(About this task) In the listing below, find the line containing "S \left( t _" and the line containing "(dX^i + X^j\theta^i_j)\otimes". Repeat exactly those two lines and every line between them.

:: Input material

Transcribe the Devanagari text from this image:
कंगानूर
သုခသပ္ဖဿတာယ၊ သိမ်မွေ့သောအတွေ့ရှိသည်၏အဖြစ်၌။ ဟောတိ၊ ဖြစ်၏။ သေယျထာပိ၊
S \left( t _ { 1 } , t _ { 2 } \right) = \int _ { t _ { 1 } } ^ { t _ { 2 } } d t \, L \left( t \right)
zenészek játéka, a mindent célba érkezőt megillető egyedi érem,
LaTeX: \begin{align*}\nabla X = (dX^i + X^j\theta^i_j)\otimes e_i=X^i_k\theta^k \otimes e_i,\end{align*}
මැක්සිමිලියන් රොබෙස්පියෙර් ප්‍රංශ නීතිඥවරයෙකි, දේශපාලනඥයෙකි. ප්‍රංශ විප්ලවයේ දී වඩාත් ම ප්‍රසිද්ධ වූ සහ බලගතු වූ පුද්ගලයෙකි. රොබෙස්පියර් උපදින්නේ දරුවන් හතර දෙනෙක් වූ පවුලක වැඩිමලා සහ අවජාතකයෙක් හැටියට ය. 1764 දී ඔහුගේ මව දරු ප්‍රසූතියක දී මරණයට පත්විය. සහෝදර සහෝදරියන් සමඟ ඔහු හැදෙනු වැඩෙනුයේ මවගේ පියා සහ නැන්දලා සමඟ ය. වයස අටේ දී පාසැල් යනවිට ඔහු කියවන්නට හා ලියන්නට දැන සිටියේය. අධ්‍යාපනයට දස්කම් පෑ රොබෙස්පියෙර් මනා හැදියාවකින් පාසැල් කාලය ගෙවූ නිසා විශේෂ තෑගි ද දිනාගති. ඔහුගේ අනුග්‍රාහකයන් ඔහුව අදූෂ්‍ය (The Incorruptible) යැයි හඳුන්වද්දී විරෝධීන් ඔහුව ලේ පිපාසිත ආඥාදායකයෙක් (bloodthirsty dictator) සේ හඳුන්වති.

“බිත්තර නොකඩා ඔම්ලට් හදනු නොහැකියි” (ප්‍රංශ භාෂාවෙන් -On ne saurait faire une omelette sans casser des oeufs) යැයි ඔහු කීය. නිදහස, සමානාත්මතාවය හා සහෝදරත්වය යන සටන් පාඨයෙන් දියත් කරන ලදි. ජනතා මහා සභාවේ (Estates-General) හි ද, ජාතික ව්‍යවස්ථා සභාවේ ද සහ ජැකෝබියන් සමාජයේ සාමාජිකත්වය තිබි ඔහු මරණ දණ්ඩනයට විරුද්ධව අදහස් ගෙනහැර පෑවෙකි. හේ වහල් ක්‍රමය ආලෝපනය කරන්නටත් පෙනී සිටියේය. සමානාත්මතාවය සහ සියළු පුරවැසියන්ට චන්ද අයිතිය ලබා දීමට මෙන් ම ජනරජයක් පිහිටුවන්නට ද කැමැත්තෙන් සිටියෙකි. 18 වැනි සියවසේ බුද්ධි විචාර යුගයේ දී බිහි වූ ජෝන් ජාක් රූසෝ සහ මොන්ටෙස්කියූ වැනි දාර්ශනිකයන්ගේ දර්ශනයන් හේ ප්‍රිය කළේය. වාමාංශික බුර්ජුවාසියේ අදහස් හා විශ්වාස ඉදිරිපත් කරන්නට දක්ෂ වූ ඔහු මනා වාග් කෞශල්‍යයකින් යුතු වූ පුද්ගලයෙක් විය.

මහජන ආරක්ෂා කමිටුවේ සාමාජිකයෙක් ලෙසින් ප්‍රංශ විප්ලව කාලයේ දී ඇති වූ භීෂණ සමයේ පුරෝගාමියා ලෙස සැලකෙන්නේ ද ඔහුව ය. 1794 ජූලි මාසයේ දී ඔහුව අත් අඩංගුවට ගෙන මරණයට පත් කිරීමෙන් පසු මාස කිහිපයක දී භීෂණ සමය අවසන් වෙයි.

::::

(Expected answer)
S \left( t _ { 1 } , t _ { 2 } \right) = \int _ { t _ { 1 } } ^ { t _ { 2 } } d t \, L \left( t \right)
zenészek játéka, a mindent célba érkezőt megillető egyedi érem,
LaTeX: \begin{align*}\nabla X = (dX^i + X^j\theta^i_j)\otimes e_i=X^i_k\theta^k \otimes e_i,\end{align*}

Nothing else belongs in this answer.